2020年11月25日
ニュース 活動報告
2020年度・第63回「日経・経済図書文化賞」に野間幹晴 教授の著書「退職給付に係る負債と企業行動」(中央経済社)が受賞しました。
<受賞のコメント>
この度、第63回日経・経済図書文化賞を受賞することができました。栄えある賞を受賞することができ、大変光栄です。
カーネギーメロン大学の金出武雄教授が『独創はひらめかない』という書籍の中で「素人発想、玄人実行」というコンセプトを提唱されています。本書は、メディア等でも指摘されている「日本企業がリスク回避的・保守的である」という現象に対して、「それは、なぜか?」という"素人発想"に基づき、会計・ファイナンス・法律などの観点から理論的な仮説を構築したうえで実証的研究を行うという"玄人実行"に取り組みました。

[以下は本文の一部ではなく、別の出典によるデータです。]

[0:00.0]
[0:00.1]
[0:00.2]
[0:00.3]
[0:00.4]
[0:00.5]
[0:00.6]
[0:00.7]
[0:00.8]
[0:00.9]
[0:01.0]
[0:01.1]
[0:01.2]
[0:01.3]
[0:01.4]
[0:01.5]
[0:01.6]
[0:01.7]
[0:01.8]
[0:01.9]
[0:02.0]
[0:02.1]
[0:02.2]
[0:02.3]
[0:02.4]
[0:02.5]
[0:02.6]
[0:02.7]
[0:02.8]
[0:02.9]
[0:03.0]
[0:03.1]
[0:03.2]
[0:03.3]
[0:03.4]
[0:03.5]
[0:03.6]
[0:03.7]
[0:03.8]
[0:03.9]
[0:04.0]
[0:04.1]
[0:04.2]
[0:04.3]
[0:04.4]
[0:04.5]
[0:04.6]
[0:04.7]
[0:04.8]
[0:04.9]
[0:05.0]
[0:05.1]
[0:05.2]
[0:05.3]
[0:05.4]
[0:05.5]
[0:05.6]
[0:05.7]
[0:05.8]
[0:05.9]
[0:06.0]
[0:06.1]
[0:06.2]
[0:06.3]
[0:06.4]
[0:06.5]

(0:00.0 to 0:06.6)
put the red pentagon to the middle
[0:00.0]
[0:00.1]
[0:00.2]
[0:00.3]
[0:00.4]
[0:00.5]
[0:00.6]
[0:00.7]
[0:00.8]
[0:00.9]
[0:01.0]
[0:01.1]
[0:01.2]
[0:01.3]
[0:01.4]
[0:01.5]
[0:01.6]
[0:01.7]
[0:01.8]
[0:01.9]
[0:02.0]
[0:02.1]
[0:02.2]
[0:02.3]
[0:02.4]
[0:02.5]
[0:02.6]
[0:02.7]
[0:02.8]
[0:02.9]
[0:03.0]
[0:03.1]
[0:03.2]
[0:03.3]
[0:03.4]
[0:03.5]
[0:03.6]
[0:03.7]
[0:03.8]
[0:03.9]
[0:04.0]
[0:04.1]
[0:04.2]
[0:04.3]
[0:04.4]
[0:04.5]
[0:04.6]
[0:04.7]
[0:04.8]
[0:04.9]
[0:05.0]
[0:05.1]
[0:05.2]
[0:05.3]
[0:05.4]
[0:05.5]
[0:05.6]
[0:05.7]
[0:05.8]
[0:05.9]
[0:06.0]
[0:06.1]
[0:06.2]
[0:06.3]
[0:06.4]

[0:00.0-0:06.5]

アメリカ等の先進国では、企業年金の受益権を保護する仕組みとして支払い保証制度が存在します。それに対して、日本には支払い保証制度がなく、企業破綻時にも年金の支払い義務を企業に負わせています。本書では、こうした企業年金の受益権保護をめぐる法的な差異のため、日本企業がリスク回避的・保守的な行動をとると考え、内部負債という理論に基づく仮説を構築し、実証研究を行いました。
本書による問題提起を通じて、日本企業のリスク回避性・保守性をめぐる議論が深まることを期待しています。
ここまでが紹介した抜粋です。